**TASK STATEMENT**
In the data below, how many lines include the string "འཕགས"? Give only the number.

(Stored entries)
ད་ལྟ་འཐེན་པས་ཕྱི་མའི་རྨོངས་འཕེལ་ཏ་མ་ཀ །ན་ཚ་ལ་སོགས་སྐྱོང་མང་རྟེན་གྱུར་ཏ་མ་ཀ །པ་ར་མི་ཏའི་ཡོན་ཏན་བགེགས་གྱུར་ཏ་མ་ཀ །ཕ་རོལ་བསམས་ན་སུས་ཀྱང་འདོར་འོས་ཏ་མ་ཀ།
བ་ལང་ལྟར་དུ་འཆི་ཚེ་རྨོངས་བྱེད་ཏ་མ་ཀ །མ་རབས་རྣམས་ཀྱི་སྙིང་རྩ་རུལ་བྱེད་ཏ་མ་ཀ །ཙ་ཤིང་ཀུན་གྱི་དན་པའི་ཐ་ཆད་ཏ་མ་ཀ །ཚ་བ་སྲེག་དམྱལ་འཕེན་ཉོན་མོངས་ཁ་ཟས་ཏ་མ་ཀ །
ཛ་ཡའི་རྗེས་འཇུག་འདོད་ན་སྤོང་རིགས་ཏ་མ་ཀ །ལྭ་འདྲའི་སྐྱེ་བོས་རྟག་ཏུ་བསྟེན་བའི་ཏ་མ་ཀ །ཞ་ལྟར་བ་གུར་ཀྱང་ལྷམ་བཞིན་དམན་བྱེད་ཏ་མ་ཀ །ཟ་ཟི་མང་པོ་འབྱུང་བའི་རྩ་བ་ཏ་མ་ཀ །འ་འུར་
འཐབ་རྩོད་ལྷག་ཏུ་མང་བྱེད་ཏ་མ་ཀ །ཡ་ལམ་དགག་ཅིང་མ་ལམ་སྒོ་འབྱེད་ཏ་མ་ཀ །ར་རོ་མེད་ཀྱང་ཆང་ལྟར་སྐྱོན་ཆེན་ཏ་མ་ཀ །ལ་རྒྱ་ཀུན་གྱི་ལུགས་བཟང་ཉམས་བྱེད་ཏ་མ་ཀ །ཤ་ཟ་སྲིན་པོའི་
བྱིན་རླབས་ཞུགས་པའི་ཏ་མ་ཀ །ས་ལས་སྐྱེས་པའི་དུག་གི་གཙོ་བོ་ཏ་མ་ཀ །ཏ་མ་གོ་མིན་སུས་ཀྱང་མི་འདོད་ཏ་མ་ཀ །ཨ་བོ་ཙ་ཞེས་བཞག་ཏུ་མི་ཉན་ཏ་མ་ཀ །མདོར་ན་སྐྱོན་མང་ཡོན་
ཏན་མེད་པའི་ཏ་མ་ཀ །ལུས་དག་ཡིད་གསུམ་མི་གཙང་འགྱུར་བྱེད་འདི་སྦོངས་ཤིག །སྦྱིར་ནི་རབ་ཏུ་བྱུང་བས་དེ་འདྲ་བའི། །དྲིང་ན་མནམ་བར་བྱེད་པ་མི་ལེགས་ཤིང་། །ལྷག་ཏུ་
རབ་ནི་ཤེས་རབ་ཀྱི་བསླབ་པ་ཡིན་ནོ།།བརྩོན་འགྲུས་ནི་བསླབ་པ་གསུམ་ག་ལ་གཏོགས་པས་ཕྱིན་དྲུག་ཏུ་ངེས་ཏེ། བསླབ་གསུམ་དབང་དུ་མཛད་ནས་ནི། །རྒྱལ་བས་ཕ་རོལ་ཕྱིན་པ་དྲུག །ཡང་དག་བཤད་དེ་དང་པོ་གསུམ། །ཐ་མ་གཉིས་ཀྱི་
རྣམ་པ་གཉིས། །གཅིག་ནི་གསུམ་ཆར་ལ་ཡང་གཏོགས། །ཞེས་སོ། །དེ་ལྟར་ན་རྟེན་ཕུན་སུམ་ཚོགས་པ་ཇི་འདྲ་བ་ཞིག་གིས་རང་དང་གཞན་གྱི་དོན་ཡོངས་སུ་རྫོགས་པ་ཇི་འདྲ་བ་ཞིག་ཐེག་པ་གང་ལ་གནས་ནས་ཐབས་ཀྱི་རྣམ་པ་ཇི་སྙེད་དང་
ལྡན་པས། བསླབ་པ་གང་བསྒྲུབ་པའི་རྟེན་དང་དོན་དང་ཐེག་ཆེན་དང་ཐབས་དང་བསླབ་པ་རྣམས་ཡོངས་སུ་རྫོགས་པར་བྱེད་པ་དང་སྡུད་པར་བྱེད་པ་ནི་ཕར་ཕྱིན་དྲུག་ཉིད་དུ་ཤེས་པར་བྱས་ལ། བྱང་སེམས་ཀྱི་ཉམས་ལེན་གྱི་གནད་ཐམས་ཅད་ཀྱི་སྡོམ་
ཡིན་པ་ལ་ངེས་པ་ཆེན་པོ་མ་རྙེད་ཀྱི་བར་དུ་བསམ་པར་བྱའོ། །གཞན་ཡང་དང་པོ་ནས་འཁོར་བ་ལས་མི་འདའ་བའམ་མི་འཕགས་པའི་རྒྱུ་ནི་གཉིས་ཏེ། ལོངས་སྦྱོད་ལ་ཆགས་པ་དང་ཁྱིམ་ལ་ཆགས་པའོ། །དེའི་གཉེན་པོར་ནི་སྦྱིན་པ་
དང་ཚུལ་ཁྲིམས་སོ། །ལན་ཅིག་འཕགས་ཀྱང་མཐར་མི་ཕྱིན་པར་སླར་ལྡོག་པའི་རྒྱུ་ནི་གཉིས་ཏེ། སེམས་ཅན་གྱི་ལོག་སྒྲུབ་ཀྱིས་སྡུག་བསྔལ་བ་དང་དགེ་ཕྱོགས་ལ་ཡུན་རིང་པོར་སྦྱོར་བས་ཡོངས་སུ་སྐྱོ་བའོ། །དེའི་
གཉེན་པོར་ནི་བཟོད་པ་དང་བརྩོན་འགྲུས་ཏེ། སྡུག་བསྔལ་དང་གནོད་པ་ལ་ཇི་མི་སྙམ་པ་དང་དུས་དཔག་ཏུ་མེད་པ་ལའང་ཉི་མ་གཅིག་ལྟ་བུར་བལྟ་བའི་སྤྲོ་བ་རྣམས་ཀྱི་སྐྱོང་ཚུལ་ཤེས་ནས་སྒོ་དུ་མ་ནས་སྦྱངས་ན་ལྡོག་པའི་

**TASK RESPONSE**
2